We found that no dose adjustments were made in the prescribing of antimicrobials for obese patients. The lack of antimicrobial dosing adjustments based on weight may mean that obese individuals who acquire infections are at higher risk of receiving sub-therapeutic antimicrobial levels.19 Sub-therapeutic dosing of antimicrobials can select for resistance. The threat that sub-therapeutic dosing of antimicrobials poses to emergence of drug resistance should not be underestimated, in particular in developing countries, where obesity is on the rise and access to effective and safe antimicrobials remains a problem, making the need to get therapy right the first time imperative.20
To make accurate recommendations about dosing adjustments in obesity, pharmacokinetic and pharmacodynamic studies are required for a large proportion of commonly used antibiotics, to measure the true association between body fat and antimicrobial levels. Until such studies are conducted, antimicrobial therapy in obesity will remain a grey area where clinical acumen, supplemented by anecdotal experience and limited data from small studies, will decide therapeutic outcomes.21–25 What is imperative is that dosing decisions are made based on drug- and patient-specific parameters. In the USA, attempts have been made to integrate antimicrobial dosing adjustments for obese patients. However, these initiatives have not been cohesively adopted and the practice of adjusting doses in obese patients remains erratic.20 In the absence of data from trials and clear guidelines on dosing adjustments in obesity for individual patients, there needs to be a more focused therapy for obese hospitalized patients who acquire infections. In this study, we did find antimicrobial therapies in the obese to be more complicated.

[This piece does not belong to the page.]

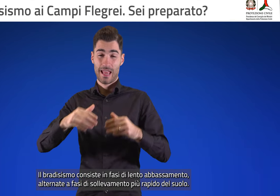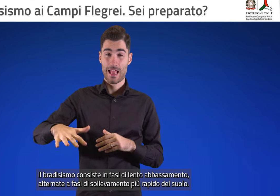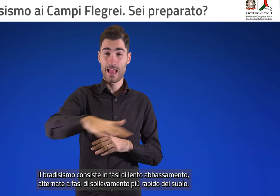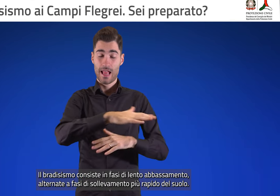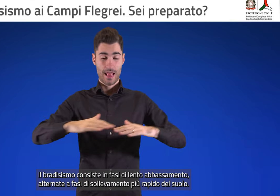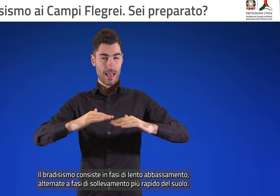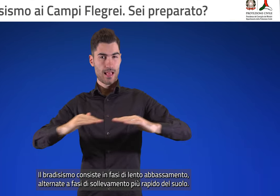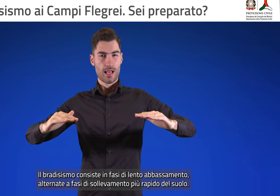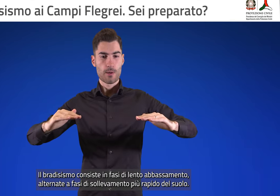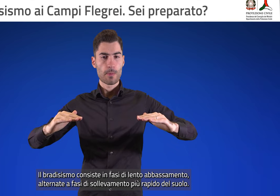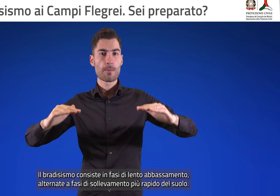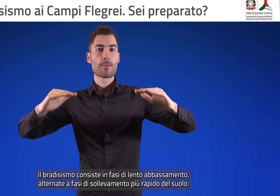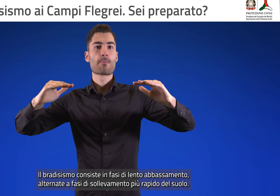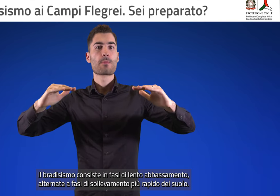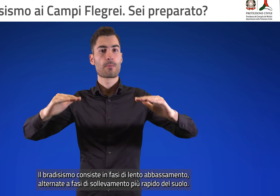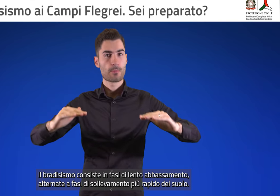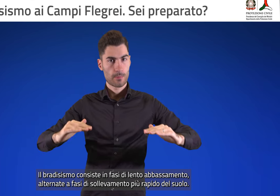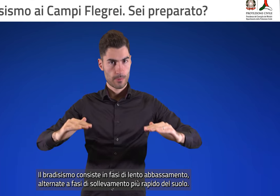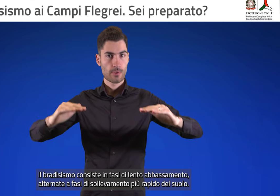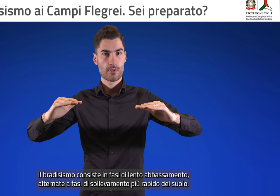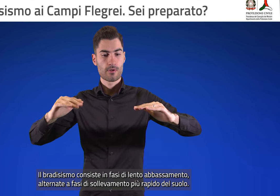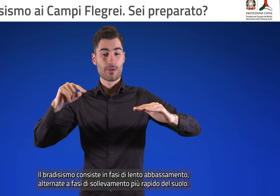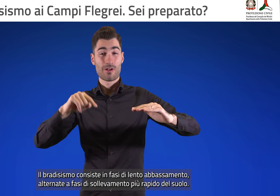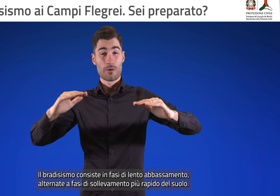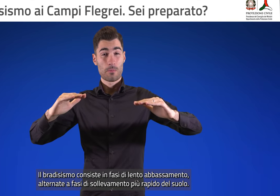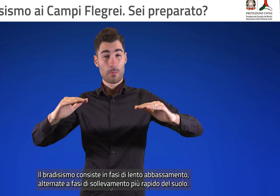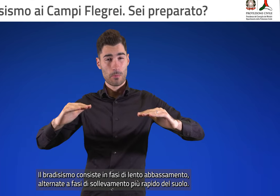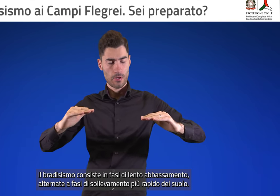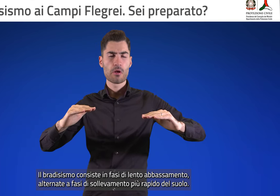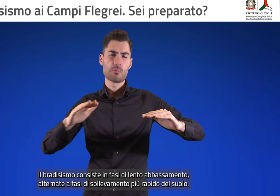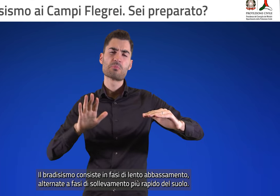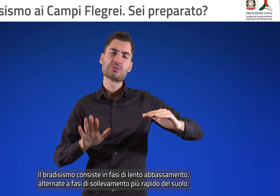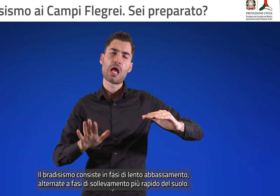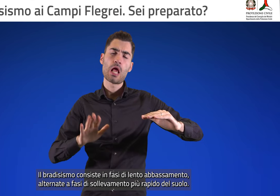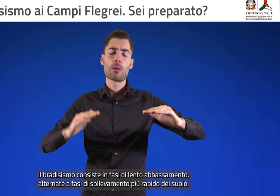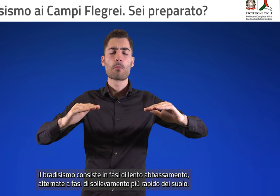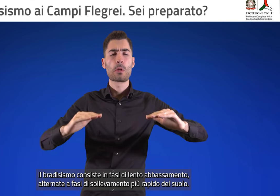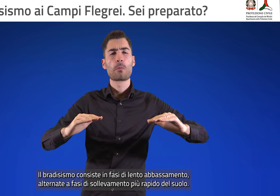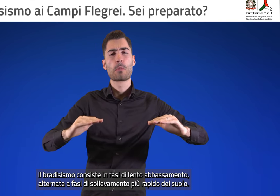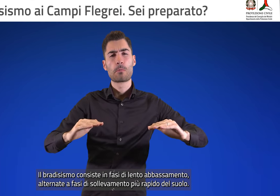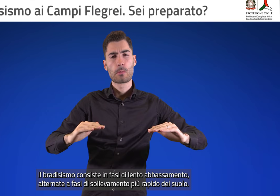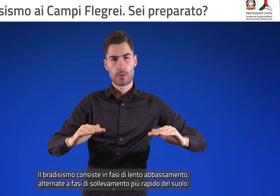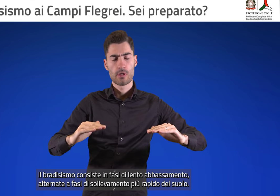abbassamento, alternate a fasi di sollevamento più rapido del suolo.
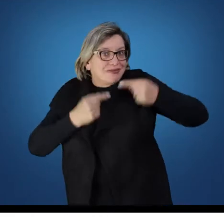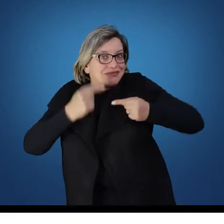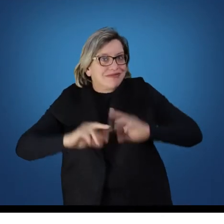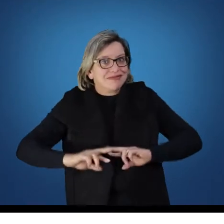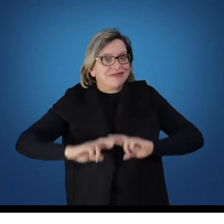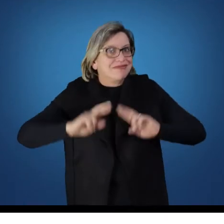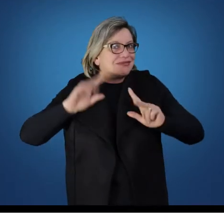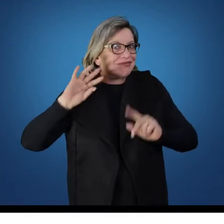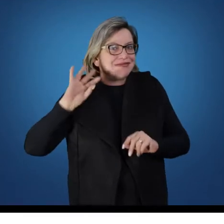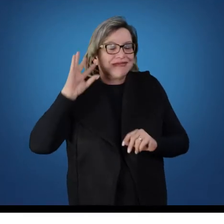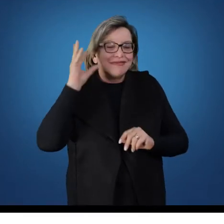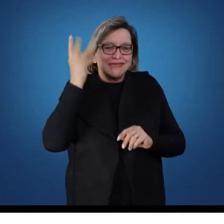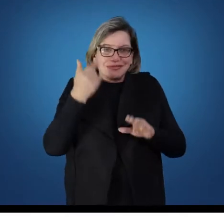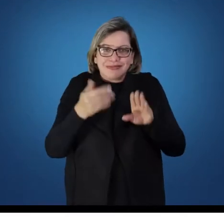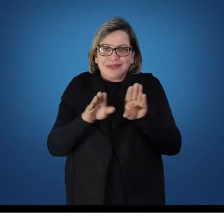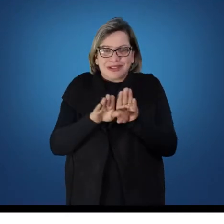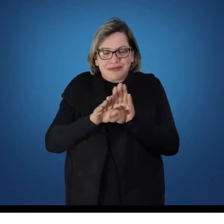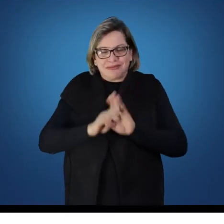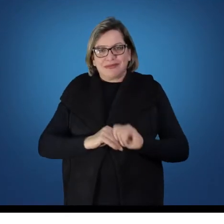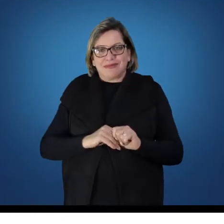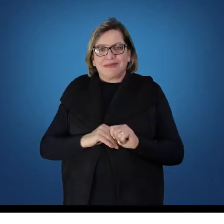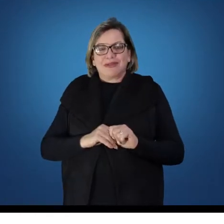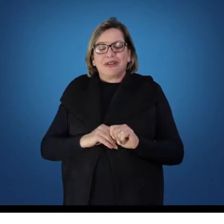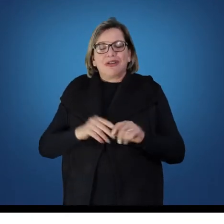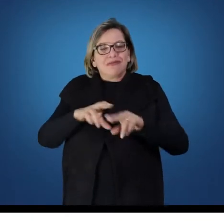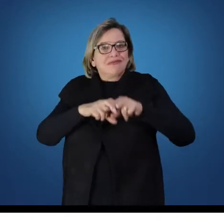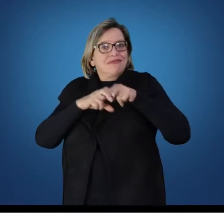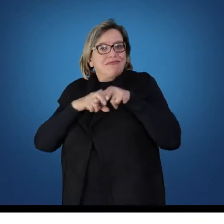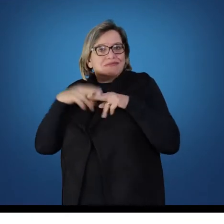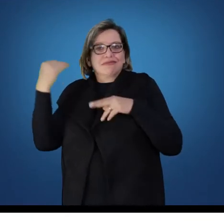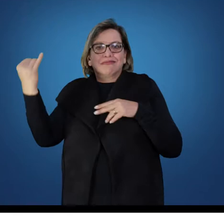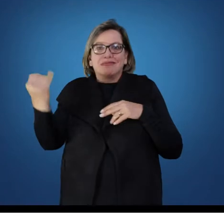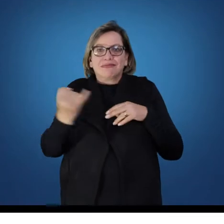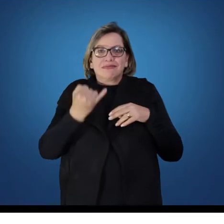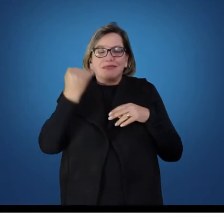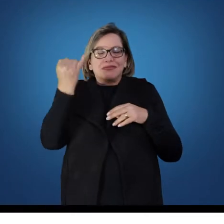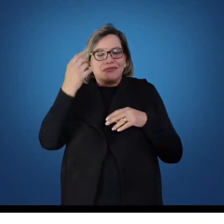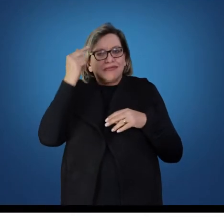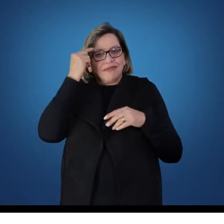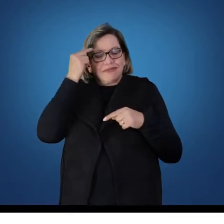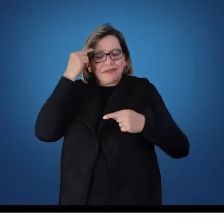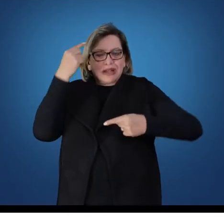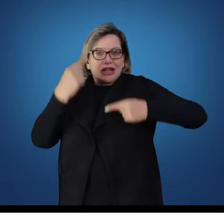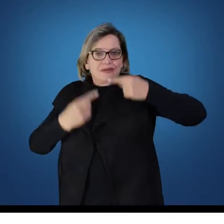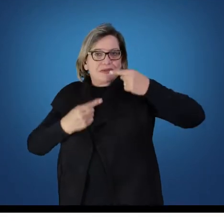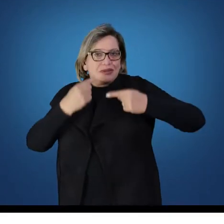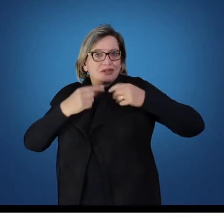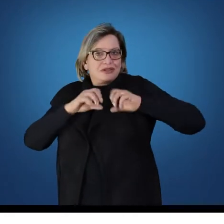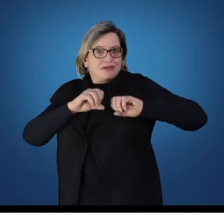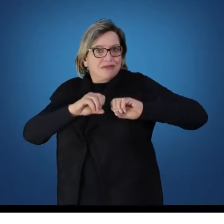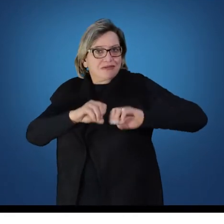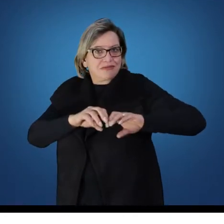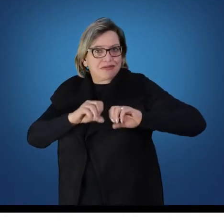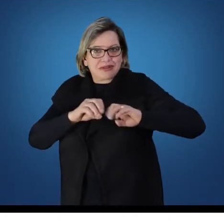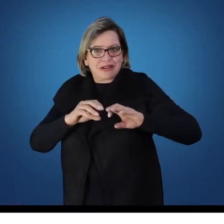histórico. Então, é muito importante nós pensarmos, a partir desta questão de políticas educacionais, que as políticas educacionais não nascem do nada.

The prevalence of obesity in the hospitalized patients in this study reflects the increase in the prevalence of obesity in the UK, with one in five patients in this study being classified as obese. Half of the patients in this study were >65 years old, an age group more associated with increased weight loss and malnutrition;26 despite this, the prevalence of obesity remained high. In addition to the observed association between obesity and diabetes and hypertension, obese patients were also significantly more likely to have other comorbidities. This increase in disease burden, together with the associated medication burden, makes obese people more likely to be frequent users of healthcare.
In this study, skin and soft-tissue infections were more likely among obese patients, even when excluding surgical site infections. This association has been reported previously.27,28 We did not find a significant difference in infection as an admission reason across the different weight groups.
Limitations
The cross-sectional design is a limitation of this study. A longitudinal study would have been more appropriate to detect causal relationships between obesity and healthcare-acquired infections and to compare the relative risks between the obese and the non-obese. The data are a reflection of the diversity of the hospitalized patient population in tertiary healthcare organizations. This study, however, provides baseline data for further research into the impact of obesity on antimicrobial dosing. In this study, we did not use acuity of illness scores. Acuity of illness may have been a confounder in this study.
Conclusions
In this study, one in five hospitalized patients was obese and obesity was associated with more complicated antimicrobial therapy. Even though the evidence base is inadequate for some antimicrobials, no dosing adjustments were found to be made in any of the antimicrobial regimens of obese patients. Future studies need to investigate the effect of obesity on antimicrobial outcomes.
Funding
This work is supported by: (i) the Royal Pharmaceutical Society Pharmacy Research and Practice Galen Award; (ii) the National Institute for Health Research Biomedical Research Centre Funding Scheme at Imperial College; (iii) the National Centre for Infection Prevention and Management (CIPM) funded by the United Kingdom Clinical Research Council (UKCRC G0800777); and (iv) the National Institute of Health Research Health Protection Research Unit, Healthcare Associated Infection and Antimicrobial Resistance at Imperial College London.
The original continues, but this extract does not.